TASK DETAILS
Stop at the line that contains "FILE_DESCRIPTION (( 'STEP AP214' ), '1' );". Until then, set down each line of the records exactly, beginning with the first, and skip pictures.

---------- MATERIAL SUPPLIED ----------

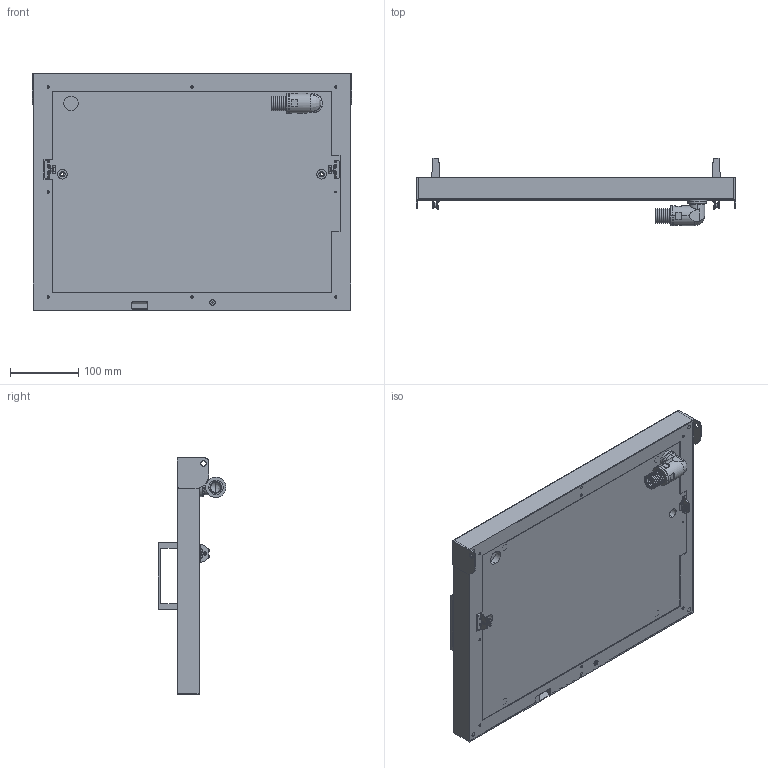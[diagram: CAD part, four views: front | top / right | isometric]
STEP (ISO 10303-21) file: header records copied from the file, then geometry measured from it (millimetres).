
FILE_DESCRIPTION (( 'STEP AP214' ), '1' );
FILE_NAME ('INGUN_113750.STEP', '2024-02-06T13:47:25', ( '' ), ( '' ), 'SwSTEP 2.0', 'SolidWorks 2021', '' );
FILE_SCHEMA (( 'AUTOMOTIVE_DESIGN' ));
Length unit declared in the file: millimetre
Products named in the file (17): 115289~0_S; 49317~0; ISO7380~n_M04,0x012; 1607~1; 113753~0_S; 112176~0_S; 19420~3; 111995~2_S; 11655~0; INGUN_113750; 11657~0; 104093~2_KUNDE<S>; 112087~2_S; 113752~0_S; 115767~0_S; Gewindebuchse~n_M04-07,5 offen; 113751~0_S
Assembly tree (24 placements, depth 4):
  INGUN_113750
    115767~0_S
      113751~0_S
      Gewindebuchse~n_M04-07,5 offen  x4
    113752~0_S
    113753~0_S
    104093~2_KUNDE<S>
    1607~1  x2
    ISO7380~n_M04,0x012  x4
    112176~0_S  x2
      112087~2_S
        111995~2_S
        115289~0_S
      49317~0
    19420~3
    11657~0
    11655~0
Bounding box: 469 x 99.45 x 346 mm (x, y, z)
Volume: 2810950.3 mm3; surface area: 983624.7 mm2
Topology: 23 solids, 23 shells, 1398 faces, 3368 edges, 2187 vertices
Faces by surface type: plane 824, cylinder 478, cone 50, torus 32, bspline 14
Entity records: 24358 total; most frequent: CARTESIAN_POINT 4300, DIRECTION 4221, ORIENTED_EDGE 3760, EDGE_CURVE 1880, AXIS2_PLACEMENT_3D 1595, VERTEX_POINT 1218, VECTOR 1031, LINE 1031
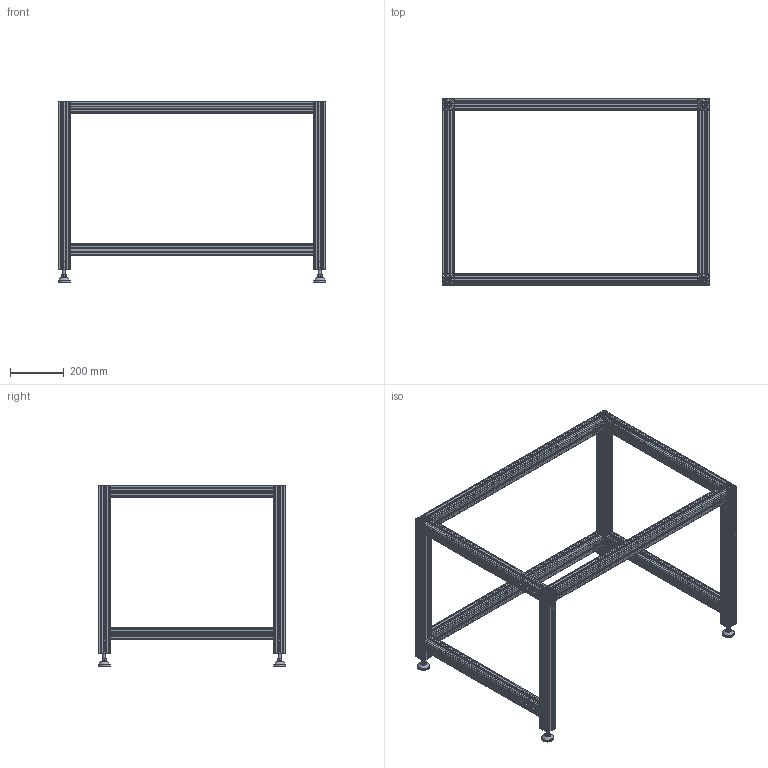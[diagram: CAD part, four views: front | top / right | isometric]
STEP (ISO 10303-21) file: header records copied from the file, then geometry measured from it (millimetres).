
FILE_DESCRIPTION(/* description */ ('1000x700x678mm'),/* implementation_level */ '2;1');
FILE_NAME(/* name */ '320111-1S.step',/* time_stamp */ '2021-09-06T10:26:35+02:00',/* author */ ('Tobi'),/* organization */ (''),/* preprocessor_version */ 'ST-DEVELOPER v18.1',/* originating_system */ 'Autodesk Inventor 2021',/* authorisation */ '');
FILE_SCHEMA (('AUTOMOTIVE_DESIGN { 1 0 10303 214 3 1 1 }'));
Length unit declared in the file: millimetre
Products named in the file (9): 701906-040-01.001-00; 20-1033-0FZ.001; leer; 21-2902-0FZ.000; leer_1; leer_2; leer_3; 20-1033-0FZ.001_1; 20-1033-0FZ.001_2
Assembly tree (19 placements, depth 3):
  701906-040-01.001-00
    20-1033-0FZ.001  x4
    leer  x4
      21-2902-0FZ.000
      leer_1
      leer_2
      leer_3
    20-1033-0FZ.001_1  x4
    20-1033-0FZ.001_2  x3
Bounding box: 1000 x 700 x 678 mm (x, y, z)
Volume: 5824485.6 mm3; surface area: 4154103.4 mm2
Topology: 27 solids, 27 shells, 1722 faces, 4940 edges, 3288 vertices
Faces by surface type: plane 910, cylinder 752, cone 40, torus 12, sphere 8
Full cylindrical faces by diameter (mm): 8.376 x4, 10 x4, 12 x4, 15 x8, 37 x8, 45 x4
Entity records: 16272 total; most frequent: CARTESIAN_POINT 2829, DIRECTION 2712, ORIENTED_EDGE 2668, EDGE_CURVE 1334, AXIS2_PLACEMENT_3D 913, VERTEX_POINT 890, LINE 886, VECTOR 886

----------

SOLUTION
[diagram: CAD part, four views: front | top / right | isometric]
STEP (ISO 10303-21) file: header records copied from the file, then geometry measured from it (millimetres).
FILE_DESCRIPTION (( 'STEP AP214' ), '1' );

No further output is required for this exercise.